A RetroSearch Logo

Home - News ( United States | United Kingdom | Italy | Germany ) - Football scores

Search Query:

Showing content from https://mail.python.org/pipermail/python-dev/2014-March/133007.html below:

[Python-Dev] Windows 'for current user' installation

[Python-Dev] Windows 'for current user' installation - 32/64-bit registrations overwrite each other [Python-Dev] Windows 'for current user' installation - 32/64-bit registrations overwrite each otherJurko Gospodnetić jurko.gospodnetic at pke.hr
Mon Mar 10 14:03:24 CET 2014
   Hi.

   When running the Python Windows installer 'for all users', the 32-bit 
installation and the 64-bit installation each gets a separate 
registration in the Windows registry.

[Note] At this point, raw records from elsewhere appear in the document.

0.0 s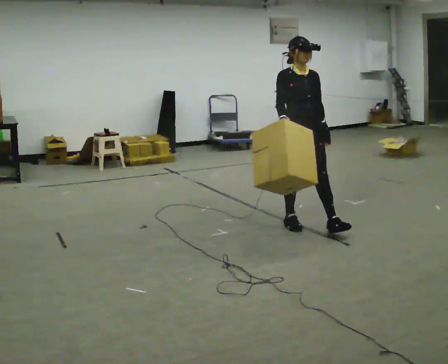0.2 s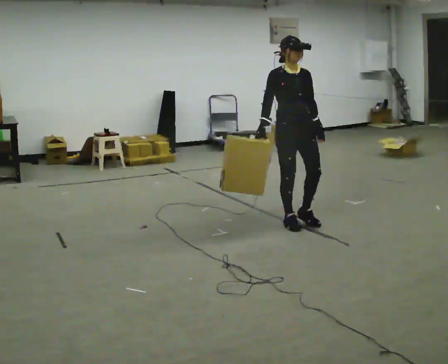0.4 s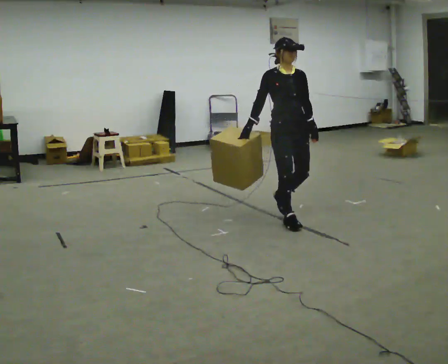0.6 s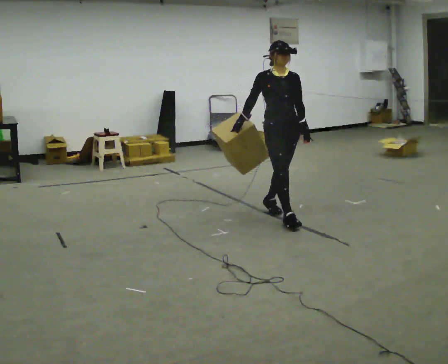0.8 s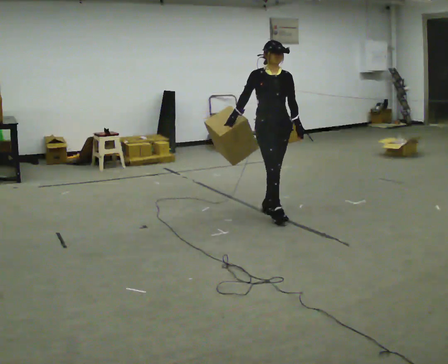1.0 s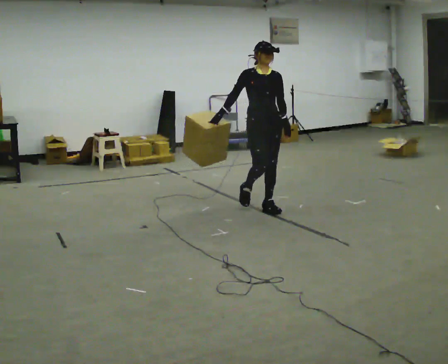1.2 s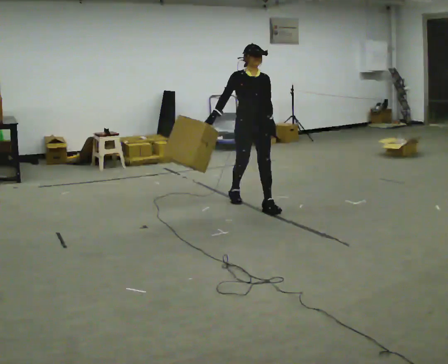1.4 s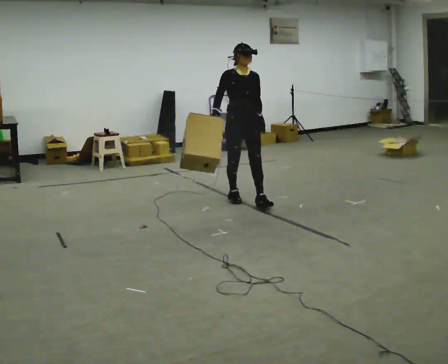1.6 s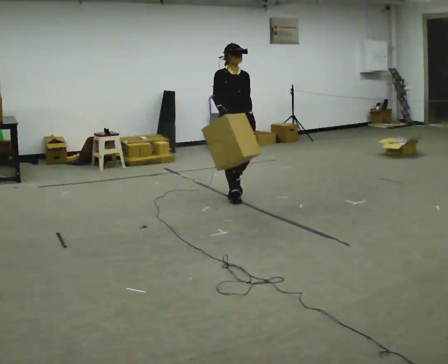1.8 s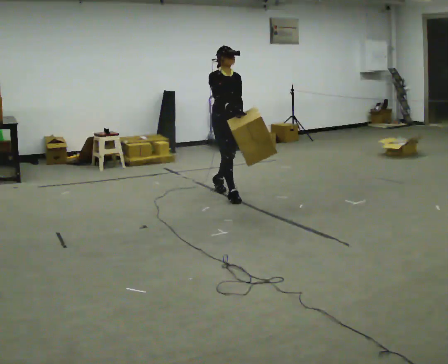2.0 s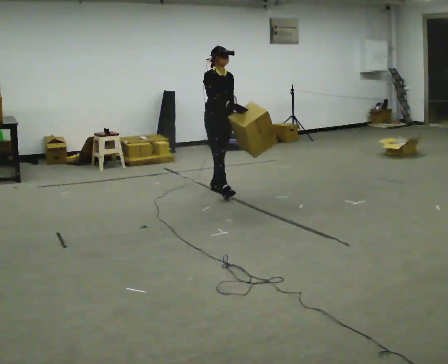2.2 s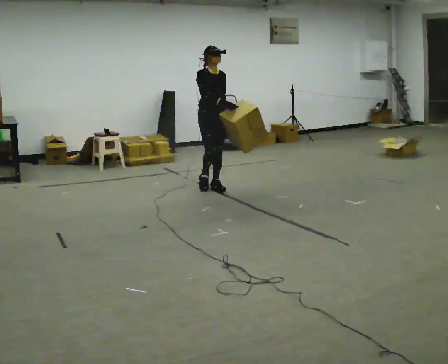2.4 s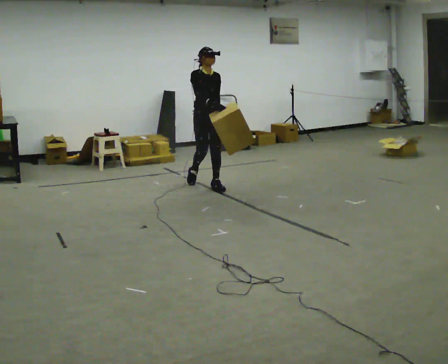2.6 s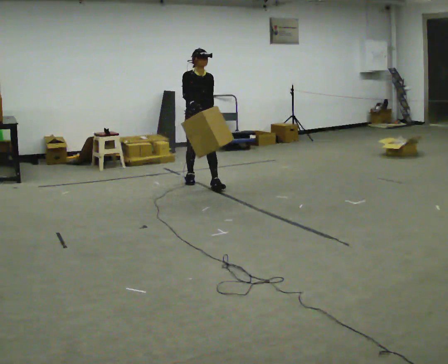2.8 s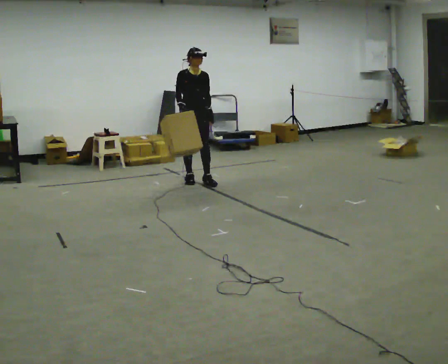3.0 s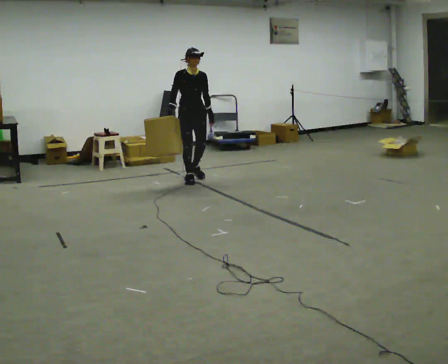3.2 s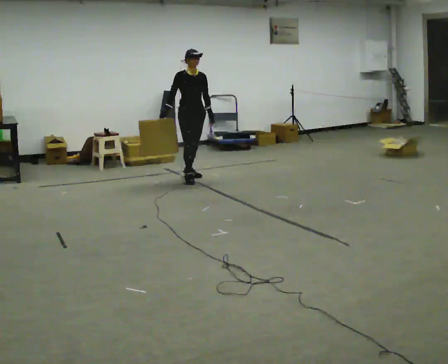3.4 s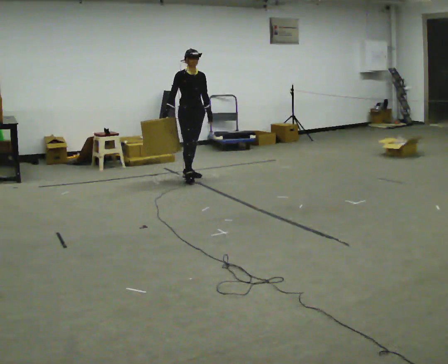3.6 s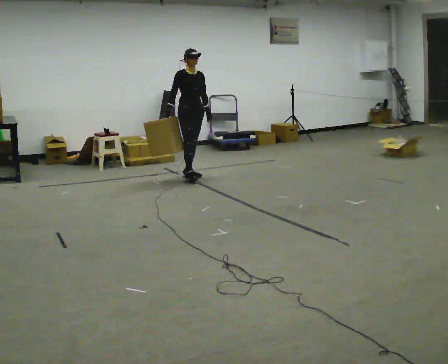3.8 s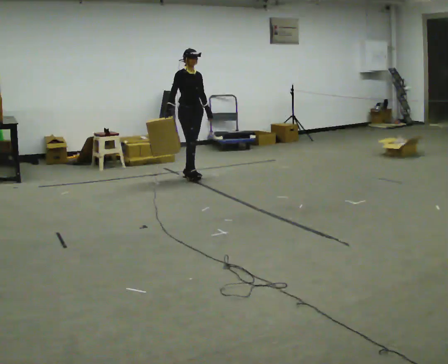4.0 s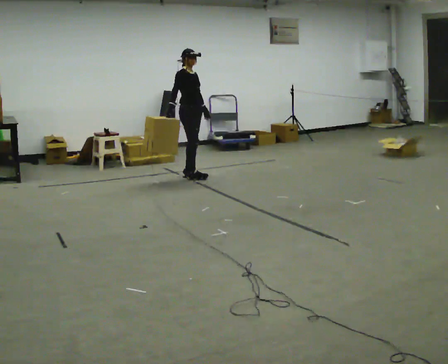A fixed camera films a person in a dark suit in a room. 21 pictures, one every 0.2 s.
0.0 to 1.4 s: In the picture they go away from the camera and to the left, about 1 m in 2 steps, which for them is backward.
1.4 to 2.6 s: In the picture they go away from the camera and to the left, about 1 m in 1 step, which for them is backward.
2.6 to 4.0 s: The part of the body nearest the lens slides to the right as the person turns to their left by about 45 degrees. In the picture they go away from the camera and to the left, about 0.5 m in 1 step, which for them is backward.
The film runs backward here.
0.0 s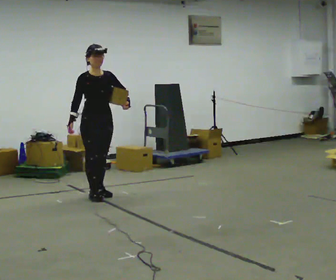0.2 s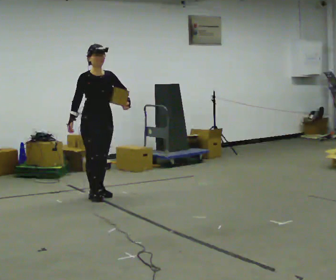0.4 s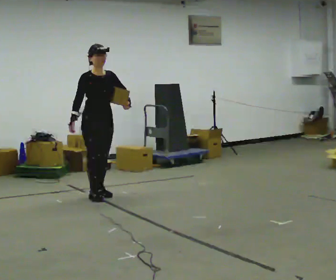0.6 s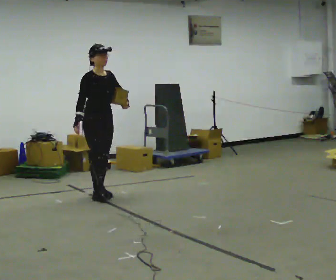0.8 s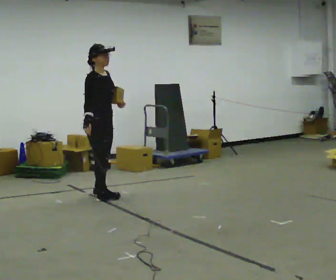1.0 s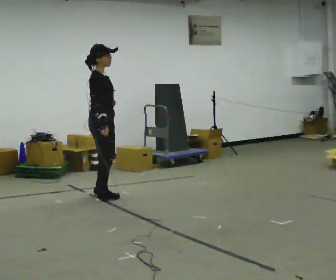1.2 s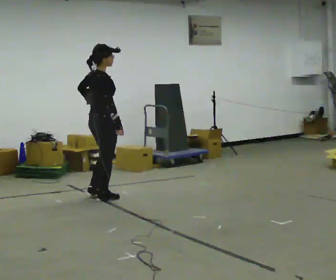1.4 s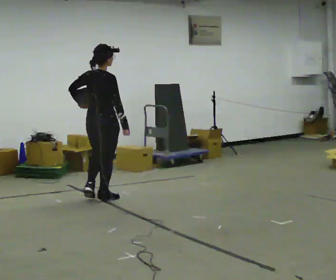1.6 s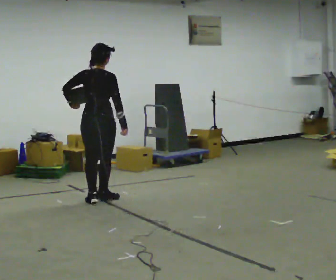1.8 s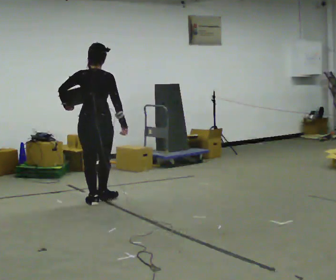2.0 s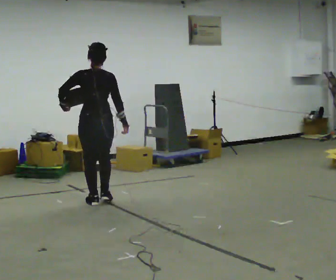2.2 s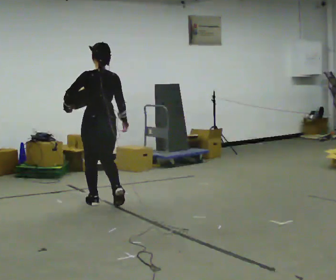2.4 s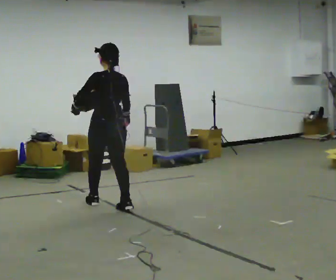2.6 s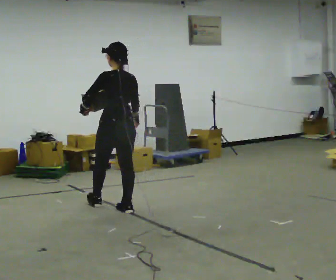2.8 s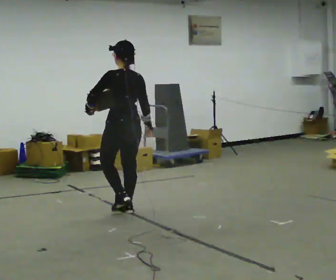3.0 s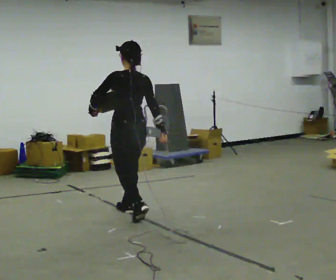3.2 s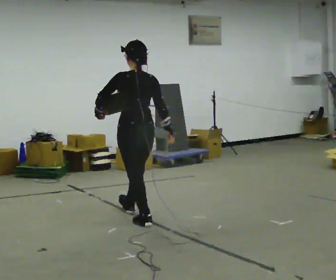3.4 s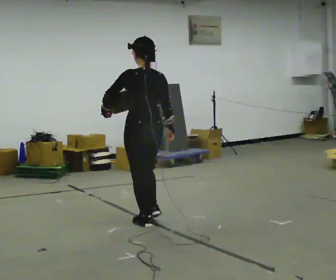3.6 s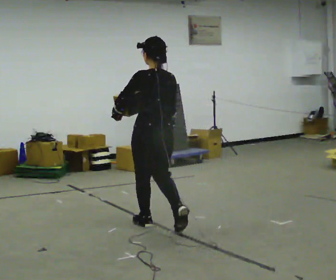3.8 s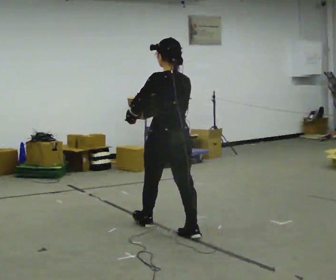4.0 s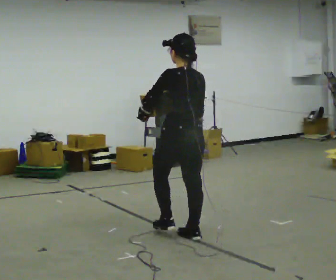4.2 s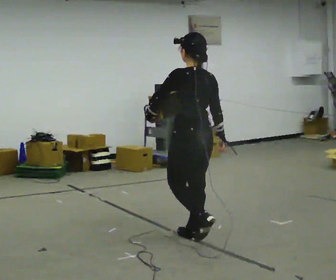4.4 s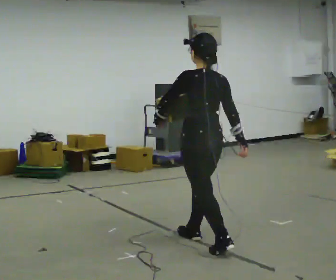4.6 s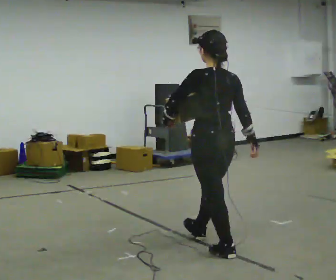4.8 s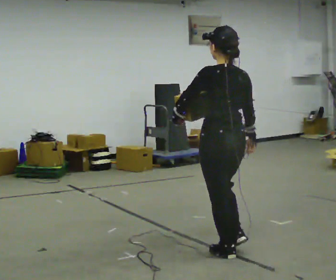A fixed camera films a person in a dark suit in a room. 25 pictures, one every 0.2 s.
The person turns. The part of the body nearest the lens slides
to the right.
The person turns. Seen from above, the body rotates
counterclockwise.
0.0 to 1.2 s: The person turns about 90 degrees to their left, counterclockwise seen from above, so the part of the body nearest the lens slides to the right. In the picture their left hand goes to the left.
1.2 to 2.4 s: Seen from above the body turns counterclockwise, about 90 degrees: to their left, with its near side sliding to the right. In the picture they go toward the camera, about 0.25 m in 1 step.
2.4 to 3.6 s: In the picture they go toward the camera and to the right, about 1 m in 2 steps, which for them is backward.
3.6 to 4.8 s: In the picture they go toward the camera and to the right, about 1 m in 2 steps, which for them is backward.
The film runs backward here.

E.g. under:

   HKEY_LOCAL_MACHINE\Software\Python\PythonCore\3.4

and:

   HKEY_LOCAL_MACHINE\SOFTWARE\Wow6432Node\Python\PythonCore\3.4

   However, when running the installer 'for the current user only', the 
32-bit and the 64-bit installation both use the same Windows registry key:

   HKEY_CURRENT_USER\Software\Python\PythonCore\3.4

   Note that a 64-bit installation does not automatically uninstall a 
previous 32-bit installation in either case, or vice versa.

   Why the mismatch?

   As I understand it, whichever installation you use, you should be 
able to run a specific Python interpreter using the py.exe runner, as it:

   py.exe -3.4
   py.exe -3.4-32

   As it stands now - both of those run the same interpreter when they 
have been installed 'for the current user only'.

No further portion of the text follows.